Overbroad Nondisclosure, Confidentiality, and Nondisparagement
Agreements Violate the National Labor Relations Act
A new case recently decided by the National Labor Relations Board held that “an employer violates Section 8(a)(1) of the [National Labor Relations] Act when it proffers a severance agreement with provisions that would restrict employees’ exercise of their NLRA rights.” McLaren Macomb, 372 NLRB No. 58, slip op. at 7 (2023). “Such an agreement,” reasoned the NLRB, tends “to restrain, coerce, or interfere with the exercise of Section 7 rights by employees…” Id.
This decision covers almost all private sector employers, not just unionized workplaces. However, the decision applies only to agreements between employers and current or former nonsupervisory employees (managers, independent contractors, or those who qualify as a supervisor under the National Labor Relations Act (“NLRA”) are not implicated).
The following severance agreement language was at issue in the McLaren Macomb case:
Confidentiality Agreement. “The Employee acknowledges that the terms of this Agreement are confidential and agrees not to disclose them to any third person, other than [a] spouse, or as necessary to professional advisors.”
Nondisclosure. “At all times hereafter, the Employee promises and agrees not to disclose information, knowledge, or materials of a confidential, privileged, or proprietary nature of which the Employee has or had knowledge of, or involvement with, by reason of the Employee’s employment. At all times hereafter, the Employee agrees not to make statements to Employer’s employees or to the general public which could disparage or harm the image of Employer, its parent and affiliated entities and their officers, directors, employees, agents[,] and representatives.”
The NLRB found this language overly broad and determined that it would have a chilling effect on an employee’s Section 7 rights under the NLRA.
Nondisparagement. The NLRB also addressed the severance agreement’s nondisparagement clause. Under prior NLRB case law, employees have a right to criticize an employer’s policy so long as the communication is not “so disloyal, reckless, or maliciously untrue as to lose the Act’s protection.” Emarco, Inc., 284 NLRB 832, 833 (1987).
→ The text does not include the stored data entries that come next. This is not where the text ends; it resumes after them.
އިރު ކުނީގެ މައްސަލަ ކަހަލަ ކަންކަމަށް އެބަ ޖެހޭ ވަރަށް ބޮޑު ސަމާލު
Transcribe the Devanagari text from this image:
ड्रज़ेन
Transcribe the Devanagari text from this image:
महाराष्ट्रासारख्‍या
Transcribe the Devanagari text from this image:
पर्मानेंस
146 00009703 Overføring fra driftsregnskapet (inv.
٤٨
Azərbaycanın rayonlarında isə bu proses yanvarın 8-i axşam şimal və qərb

The NLRB took issue with the nondisparagement provision’s breadth and the fact that it did not define disparagement or meaningfully limit whom the employees were prohibited from discussing. The provision protected not only the employer but also “its parents and affiliated entities and their officers, directors, employees, agents, and representatives”. The provision also had no expiration. The NLRB determined that this nondisparagement provision prevented employees from saying virtually anything regarding anyone connected to the employer for all time. As such, the NLRB found that this provision, as drafted, was impermissible.
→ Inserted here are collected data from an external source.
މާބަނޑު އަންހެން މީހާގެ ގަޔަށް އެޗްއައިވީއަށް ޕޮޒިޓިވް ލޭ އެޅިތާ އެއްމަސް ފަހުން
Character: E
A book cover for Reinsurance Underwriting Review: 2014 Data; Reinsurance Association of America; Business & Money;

The NLRB’s decision is also notable because it holds that an employer violates the NLRA when it offers an employee a severance agreement with offending provisions like those described above. It does not matter whether the employee accepts the agreement; simply offering an agreement with illegal provisions violates the law.
Although this decision may be appealed, for the present, employers should review any severance agreements, offer letters, proprietary information and invention assignment agreements, and other employment agreements to ensure the nondisparagement, nondisclosure, and confidentiality provisions are narrowly drafted and comply with the NLRB’s McLaren Macomb decision.